Rubis are one of my favorites as well.
And rimshot, am I the one who bought your amps? I purchased a couple items from somebody in Davis back when, but these things tend to blend together for me after a while.


----------



## sqshoestring (Jun 19, 2007)

I was told the early style rubicon was the last of the best. I used to use D60 amps on tweeters all the time with no problems, even high power systems. I have two rub302 here, used one on a 12 it hammered, but got them for highs lol.


----------



## dmazyn (Apr 29, 2008)

I am running my entire system on Rubicon's a 202 for the tweets (Morel Piccolo), a 702 for the mids (Dynaudio 160GT) and a 1002 for the sub (Morel Ultimo 12) and have no issues with them. 

Just clean reliable power.


----------



## wes007parks (Mar 15, 2010)

i agree i have a rubi picasso class a im using now its on if mot the best SQ amps i ever had


----------



## redcalimp5 (Sep 10, 2007)

I'm not sure if it's a part of the Rubicon family or not, but I'm using a Soundstream D100II to power my tweeters, and I've been very pleased with it. 

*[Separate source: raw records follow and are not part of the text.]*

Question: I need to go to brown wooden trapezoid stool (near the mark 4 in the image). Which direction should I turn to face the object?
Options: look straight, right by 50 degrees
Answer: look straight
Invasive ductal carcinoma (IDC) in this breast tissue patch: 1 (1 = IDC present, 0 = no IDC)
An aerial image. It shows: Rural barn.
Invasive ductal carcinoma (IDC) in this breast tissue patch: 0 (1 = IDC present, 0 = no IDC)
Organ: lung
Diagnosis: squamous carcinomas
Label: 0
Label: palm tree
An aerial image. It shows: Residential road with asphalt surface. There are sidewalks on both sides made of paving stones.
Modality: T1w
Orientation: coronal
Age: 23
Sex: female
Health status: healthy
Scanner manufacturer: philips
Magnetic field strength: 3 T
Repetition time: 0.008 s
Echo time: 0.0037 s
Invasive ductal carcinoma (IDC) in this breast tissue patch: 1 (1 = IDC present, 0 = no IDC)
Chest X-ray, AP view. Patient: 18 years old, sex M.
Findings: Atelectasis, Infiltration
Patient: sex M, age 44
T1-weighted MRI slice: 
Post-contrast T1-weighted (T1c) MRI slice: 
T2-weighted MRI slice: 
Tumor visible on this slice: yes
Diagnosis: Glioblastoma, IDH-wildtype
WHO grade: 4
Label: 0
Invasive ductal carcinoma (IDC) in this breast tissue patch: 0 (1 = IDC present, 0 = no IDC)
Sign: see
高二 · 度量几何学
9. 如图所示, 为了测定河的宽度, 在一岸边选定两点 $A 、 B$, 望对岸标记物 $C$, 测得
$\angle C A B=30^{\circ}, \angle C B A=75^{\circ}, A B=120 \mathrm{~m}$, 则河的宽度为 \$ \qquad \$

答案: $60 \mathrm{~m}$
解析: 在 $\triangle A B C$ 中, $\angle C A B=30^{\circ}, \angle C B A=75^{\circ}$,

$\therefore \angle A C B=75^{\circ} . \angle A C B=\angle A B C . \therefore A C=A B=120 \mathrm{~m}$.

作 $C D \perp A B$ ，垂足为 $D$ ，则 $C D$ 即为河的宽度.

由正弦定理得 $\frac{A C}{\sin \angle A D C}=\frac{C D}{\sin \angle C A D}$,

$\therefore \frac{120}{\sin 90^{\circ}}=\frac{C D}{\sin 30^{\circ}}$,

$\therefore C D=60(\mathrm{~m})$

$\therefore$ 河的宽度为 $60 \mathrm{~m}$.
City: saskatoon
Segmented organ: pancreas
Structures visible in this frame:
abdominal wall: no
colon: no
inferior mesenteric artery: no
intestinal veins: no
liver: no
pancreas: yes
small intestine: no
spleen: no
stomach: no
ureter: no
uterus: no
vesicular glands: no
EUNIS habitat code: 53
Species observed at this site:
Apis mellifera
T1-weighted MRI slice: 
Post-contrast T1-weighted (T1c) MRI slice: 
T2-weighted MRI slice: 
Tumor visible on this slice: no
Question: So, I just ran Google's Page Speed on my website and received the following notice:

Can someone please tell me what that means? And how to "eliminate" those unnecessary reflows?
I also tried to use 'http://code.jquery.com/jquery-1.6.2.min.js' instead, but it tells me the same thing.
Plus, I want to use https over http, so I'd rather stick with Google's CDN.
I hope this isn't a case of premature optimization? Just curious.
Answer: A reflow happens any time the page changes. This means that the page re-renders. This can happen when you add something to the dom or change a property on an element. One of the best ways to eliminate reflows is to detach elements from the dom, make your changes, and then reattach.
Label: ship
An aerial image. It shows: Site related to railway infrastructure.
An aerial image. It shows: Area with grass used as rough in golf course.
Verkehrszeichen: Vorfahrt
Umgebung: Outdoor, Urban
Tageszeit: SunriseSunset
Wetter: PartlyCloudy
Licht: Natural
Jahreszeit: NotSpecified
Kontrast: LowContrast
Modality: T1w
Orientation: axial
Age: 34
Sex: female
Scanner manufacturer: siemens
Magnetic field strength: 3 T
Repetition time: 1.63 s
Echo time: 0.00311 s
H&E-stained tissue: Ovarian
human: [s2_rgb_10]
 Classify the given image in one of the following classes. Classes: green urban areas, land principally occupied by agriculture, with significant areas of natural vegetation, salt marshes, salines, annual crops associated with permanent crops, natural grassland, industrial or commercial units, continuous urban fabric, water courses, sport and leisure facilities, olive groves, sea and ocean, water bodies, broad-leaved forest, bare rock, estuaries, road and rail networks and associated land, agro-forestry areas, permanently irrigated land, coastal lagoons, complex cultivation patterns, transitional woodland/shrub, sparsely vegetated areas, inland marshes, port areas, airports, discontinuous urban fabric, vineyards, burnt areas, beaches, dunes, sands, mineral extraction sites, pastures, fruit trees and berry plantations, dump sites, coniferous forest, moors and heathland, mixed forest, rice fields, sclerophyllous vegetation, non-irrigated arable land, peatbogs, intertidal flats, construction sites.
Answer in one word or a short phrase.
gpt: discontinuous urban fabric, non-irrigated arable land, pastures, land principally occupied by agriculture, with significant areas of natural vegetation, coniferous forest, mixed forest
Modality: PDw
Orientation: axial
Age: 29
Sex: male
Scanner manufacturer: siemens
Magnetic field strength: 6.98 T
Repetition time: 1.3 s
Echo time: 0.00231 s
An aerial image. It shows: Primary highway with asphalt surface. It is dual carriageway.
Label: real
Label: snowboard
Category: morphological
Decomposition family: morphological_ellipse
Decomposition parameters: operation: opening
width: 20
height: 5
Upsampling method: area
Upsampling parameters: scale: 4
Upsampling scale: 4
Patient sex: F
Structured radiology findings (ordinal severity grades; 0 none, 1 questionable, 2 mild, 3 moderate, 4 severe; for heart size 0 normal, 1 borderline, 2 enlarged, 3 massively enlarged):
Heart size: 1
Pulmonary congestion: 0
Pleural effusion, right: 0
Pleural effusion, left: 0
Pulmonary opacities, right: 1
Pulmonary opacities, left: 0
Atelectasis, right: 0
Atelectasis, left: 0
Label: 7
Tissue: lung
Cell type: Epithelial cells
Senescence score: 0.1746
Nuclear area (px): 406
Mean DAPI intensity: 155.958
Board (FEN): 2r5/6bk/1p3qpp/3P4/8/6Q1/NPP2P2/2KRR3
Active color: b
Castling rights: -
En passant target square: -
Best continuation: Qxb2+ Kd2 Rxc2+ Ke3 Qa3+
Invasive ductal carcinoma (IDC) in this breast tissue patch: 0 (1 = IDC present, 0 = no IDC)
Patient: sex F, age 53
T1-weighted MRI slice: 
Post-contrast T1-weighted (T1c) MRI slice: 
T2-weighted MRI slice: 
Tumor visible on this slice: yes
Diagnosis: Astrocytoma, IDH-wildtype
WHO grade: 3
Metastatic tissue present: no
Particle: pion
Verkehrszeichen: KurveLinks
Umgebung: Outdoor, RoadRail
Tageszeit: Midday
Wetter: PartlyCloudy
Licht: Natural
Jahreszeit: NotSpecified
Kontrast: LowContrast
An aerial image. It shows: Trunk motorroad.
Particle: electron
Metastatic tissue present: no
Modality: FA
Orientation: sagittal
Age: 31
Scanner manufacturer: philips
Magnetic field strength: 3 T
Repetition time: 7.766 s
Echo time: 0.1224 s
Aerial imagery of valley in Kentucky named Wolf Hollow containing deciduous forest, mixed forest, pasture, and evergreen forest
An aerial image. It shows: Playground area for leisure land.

I really like that it has seperate L/R gain controls.


----------



## Guy (Feb 16, 2006)

redcalimp5 said:


> I'm not sure if it's a part of the Rubicon family or not, but I'm using a Soundstream D100II to power my tweeters, and I've been very pleased with it.
> 
> I really like that it has seperate L/R gain controls.



The D100II is one of the earlier models, before Rubicon and before Reference.
Classic, well designed and built amplifiers.


----------